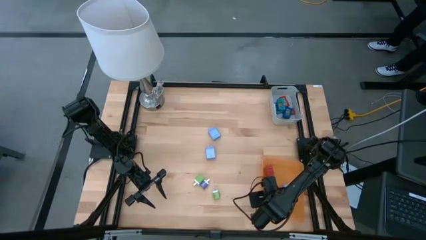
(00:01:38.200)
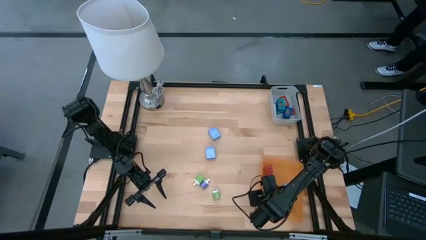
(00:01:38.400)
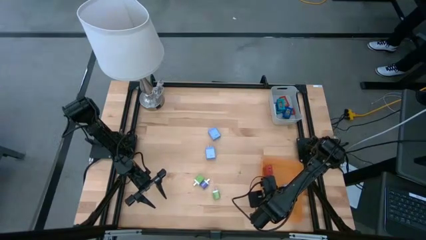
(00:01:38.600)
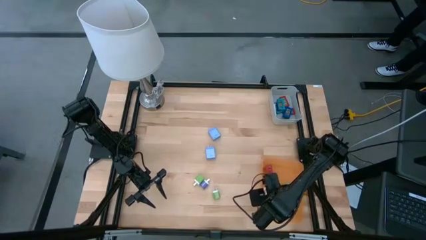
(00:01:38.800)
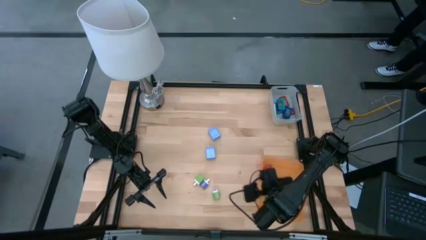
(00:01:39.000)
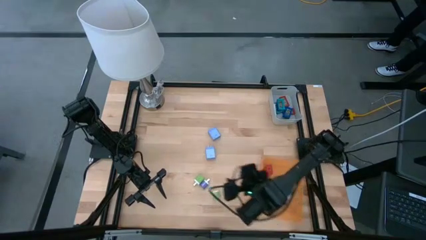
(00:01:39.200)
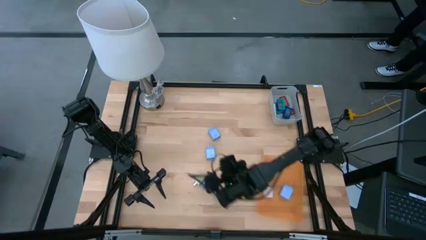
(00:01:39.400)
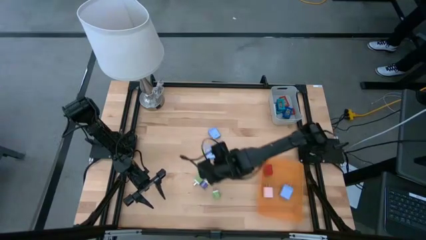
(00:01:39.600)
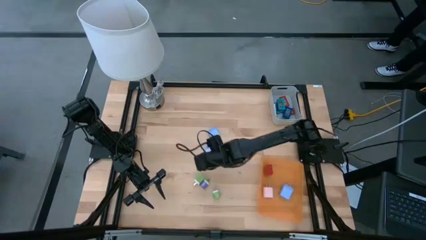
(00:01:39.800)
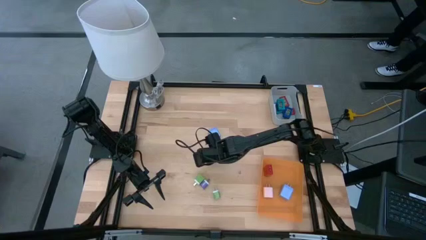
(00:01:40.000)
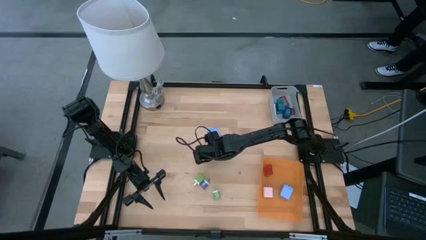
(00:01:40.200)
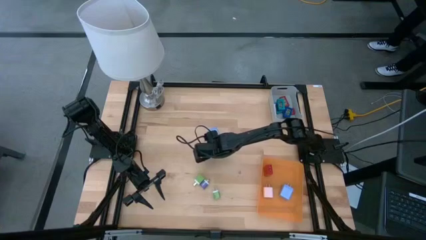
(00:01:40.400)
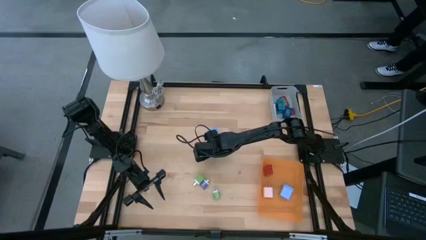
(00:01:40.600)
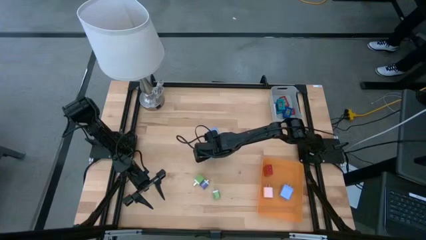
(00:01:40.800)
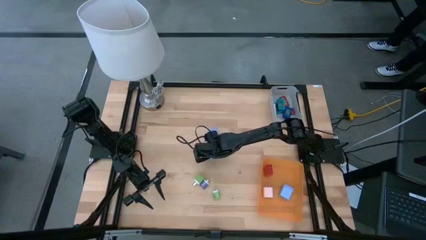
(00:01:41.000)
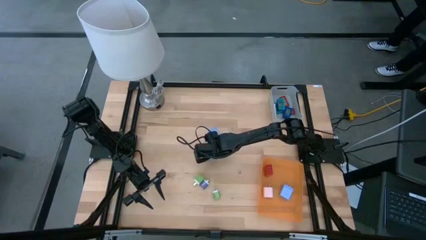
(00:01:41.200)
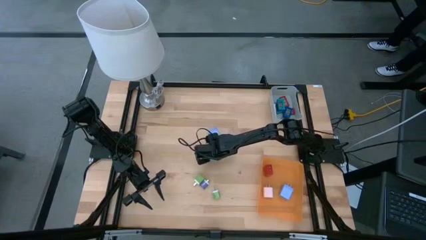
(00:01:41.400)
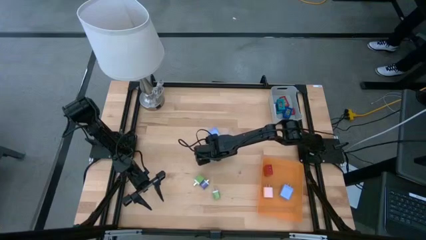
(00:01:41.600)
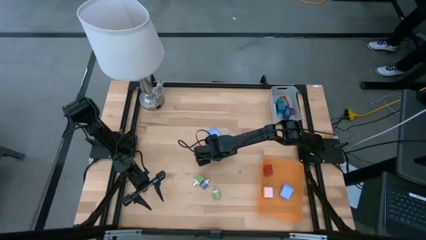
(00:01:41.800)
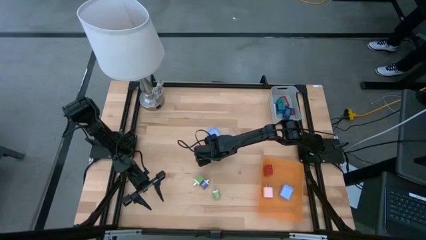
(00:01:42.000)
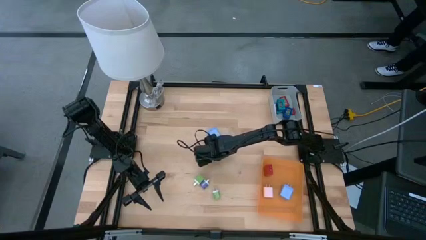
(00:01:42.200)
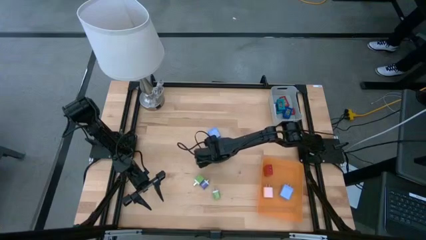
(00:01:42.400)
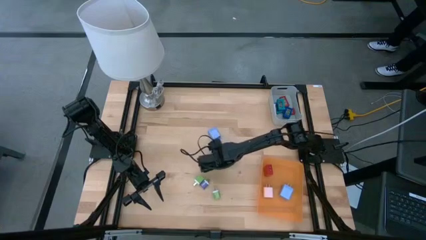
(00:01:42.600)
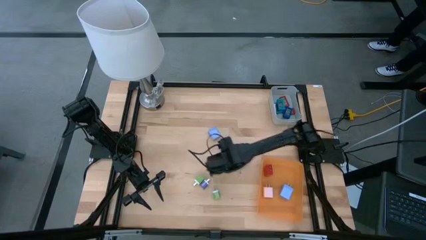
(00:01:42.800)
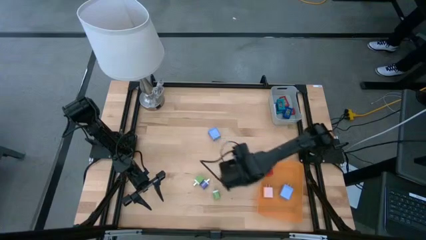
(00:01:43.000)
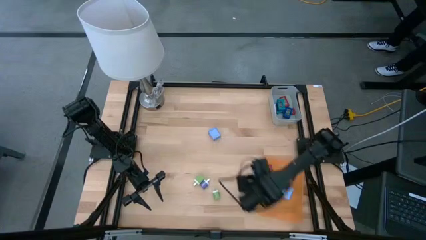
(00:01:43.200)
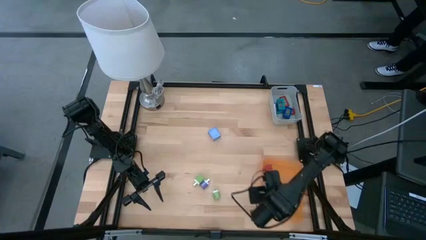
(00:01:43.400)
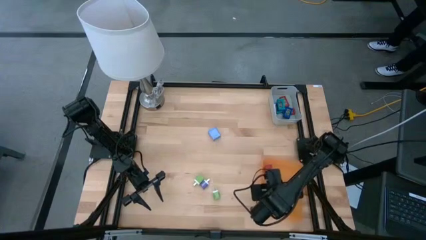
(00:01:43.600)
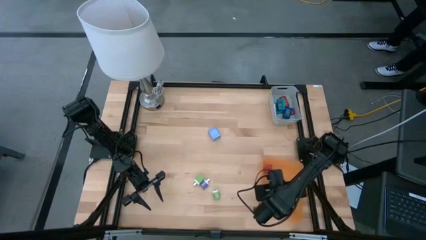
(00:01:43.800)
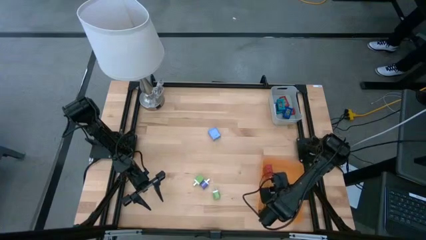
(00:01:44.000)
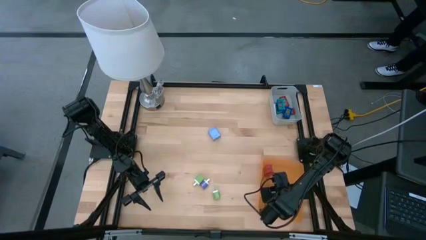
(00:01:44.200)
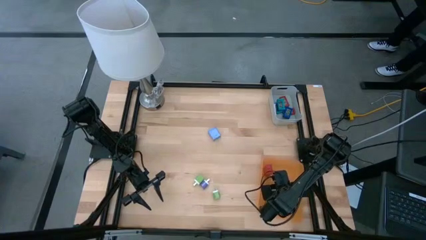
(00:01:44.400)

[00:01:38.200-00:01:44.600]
Task: Pick & Place Office items
Put the bottom blue charger adapter into the orange bin

AIM OF THE EXERCISE: Set down the material above exactly. Skip any picture.

COMPLETED EXERCISE:
(00:01:38.200)
(00:01:38.400)
(00:01:38.600)
(00:01:38.800)
(00:01:39.000)
(00:01:39.200)
(00:01:39.400)
(00:01:39.600)
(00:01:39.800)
(00:01:40.000)
(00:01:40.200)
(00:01:40.400)
(00:01:40.600)
(00:01:40.800)
(00:01:41.000)
(00:01:41.200)
(00:01:41.400)
(00:01:41.600)
(00:01:41.800)
(00:01:42.000)
(00:01:42.200)
(00:01:42.400)
(00:01:42.600)
(00:01:42.800)
(00:01:43.000)
(00:01:43.200)
(00:01:43.400)
(00:01:43.600)
(00:01:43.800)
(00:01:44.000)
(00:01:44.200)
(00:01:44.400)

[00:01:38.200-00:01:44.600]
Task: Pick & Place Office items
Put the bottom blue charger adapter into the orange bin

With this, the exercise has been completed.